Sommes-nous en présence d'un nouveau genre littéraire, de militantisme nouveau ou de méthodes modernes de thérapie et d'autoréalisation?

«Dans le cas de Julie Powell, l'auteure du livre Julie and Julia, par exemple, je vois avant tout une personne qui avait besoin de se prouver qu'elle était capable de faire quelque chose d'extraordinaire dans la vie», explique Milton Campos, professeur de communications à l'Université de Montréal et titulaire d'un doctorat en psychologie sociale.

«Cette personne cherchait probablement des appuis extérieurs qui allaient la forcer à arriver au but qu'elle s'était donné. Elle s'est inventé une contrainte extérieure qui l'a obligée à aller au bout de son projet. Cette contrainte était la honte sociale qui aurait découlé du fait de ne pas réussir. Plus il y avait de réactions sur le blogue, plus elle se sentait obligée de tenir parole.»

Sheena Matheiken nous confirme que le soutien des internautes est extrêmement précieux dans sa démarche. «Le soutien des gens qui laissent des commentaires sur le site me donne du pep. Ça nous aide beaucoup, Eliza et moi, à nous rappeler qu'on fait ça pour une bonne cause.»

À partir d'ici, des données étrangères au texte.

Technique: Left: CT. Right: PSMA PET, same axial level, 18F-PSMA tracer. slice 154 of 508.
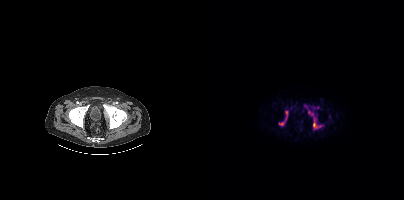
Findings: Coordinates are on the 200×200 PET (right) panel. (showing 4 of 6 foci) PSMA-avid tumor lesion bounding boxes (x, y, width, height): x=75 y=110 w=10 h=16 / x=109 y=118 w=11 h=11 / x=104 y=109 w=6 h=8 / x=110 y=106 w=5 h=4.
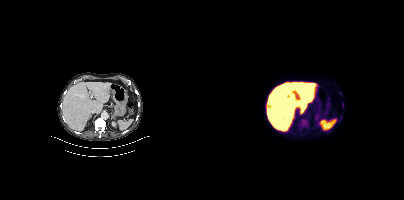
Coordinates are on the 200×200 PET (right) panel. PSMA-avid tumor lesion bounding boxes (x, y, width, height): x=97 y=119 w=7 h=8 / x=138 y=102 w=2 h=6. Small PSMA-avid focus (2 to 4 px across) near (center x, center y): (136, 93).

Françoise Dulac, sociologue à l'École supérieure de mode, voit dans le phénomène quelque chose de très positif. «Ce ne sont pas des défis gratuits et sans conséquence, ce sont des démarches qui amènent les gens à se questionner sur leurs habitudes de vie, de consommation, etc. Même un projet apparemment anodin comme Julie&Julia a pu amener les gens à redécouvrir leurs livres de recettes et à aller un peu moins au restaurant. Quant au Uniform Project, il pourrait peut-être freiner un peu la consommation et amener les gens à redécouvrir leur garde-robe.»

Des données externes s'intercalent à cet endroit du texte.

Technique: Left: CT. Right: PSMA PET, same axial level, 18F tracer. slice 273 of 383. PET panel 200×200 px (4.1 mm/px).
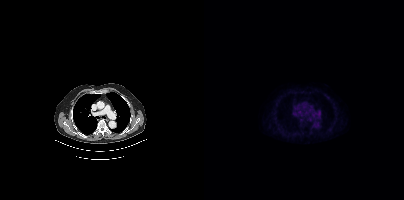
Findings: No tumor lesions annotated on this slice.

Chose certaine, ces cascadeurs du blogue soulèvent des émotions fortes dans notre société en mal de héros.

Dumas, ÈveQui sont-ils?

Voici quelques suggestions de blogues et de sites de défi personnel.

The Uniform Project

Sheena Matheiken a décidé qu'elle porterait la même petite robe noire (créée par Eliza Starbuck) pendant une année complète, de 365 manières différentes. Elle en est aujourd'hui au 182e jour. Le projet est à la fois exercice de style et commentaire ludique sur la surconsommation qui invite les gens à «magasiner» dans leur propre garde-robe, à sortir de leur zone de confort et à devenir plus créatifs dans leur habillement. Finalement, The Uniform Project est aussi une collecte de fonds pour la fondation Akanksha, qui permet aux enfants des bidonvilles d'aller à l'école; si on se fie aux dons faits jusqu'à maintenant, environ 70 enfants indiens pourront le faire.

No Impact Man

Colin Beavan, son épouse et leur petite fille de 2 ans ont tenté de réduire leur empreinte écologique à presque zéro pendant un an. Leur but? Tenter de trouver des solutions de tous les jours à la crise environnementale et peut-être en inspirer d'autres à faire de même, à moindre échelle. L'expérience No Impact Man a eu lieu de novembre 2006 à novembre 2007.

Living Oprah

Robyn Okrant, une artiste de Chicago, a voulu voir quel genre de vie elle mènerait si elle suivait pendant un an tous les conseils donnés par Oprah Winfrey. Évidemment, en plus de passer près de se ruiner financièrement, elle s'est souvent retrouvée dans des situations absurdes et contradictoires. Le livre qui raconte son expérience, vécue en 2008, sera en librairie à compter de janvier.

Read All Day

C'est pour des raisons personnelles, mais aussi pour revaloriser l'acte de lire, que Nina Sankovitch a décidé de dévorer un livre par jour pendant un an. Elle prend une journée pour lire et publie ses impressions le lendemain, sur son blogue. Ex-avocate diplômée de Harvard, la dame de 46 ans possède une intelligence au-dessus de la moyenne. Maman de quatre garçons de 16, 14, 11 et 8 ans, elle ne travaille pas à l'extérieur de la maison. Elle a même dû embaucher une femme de ménage pour lui donner un coup de main. Le projet vient de prendre fin.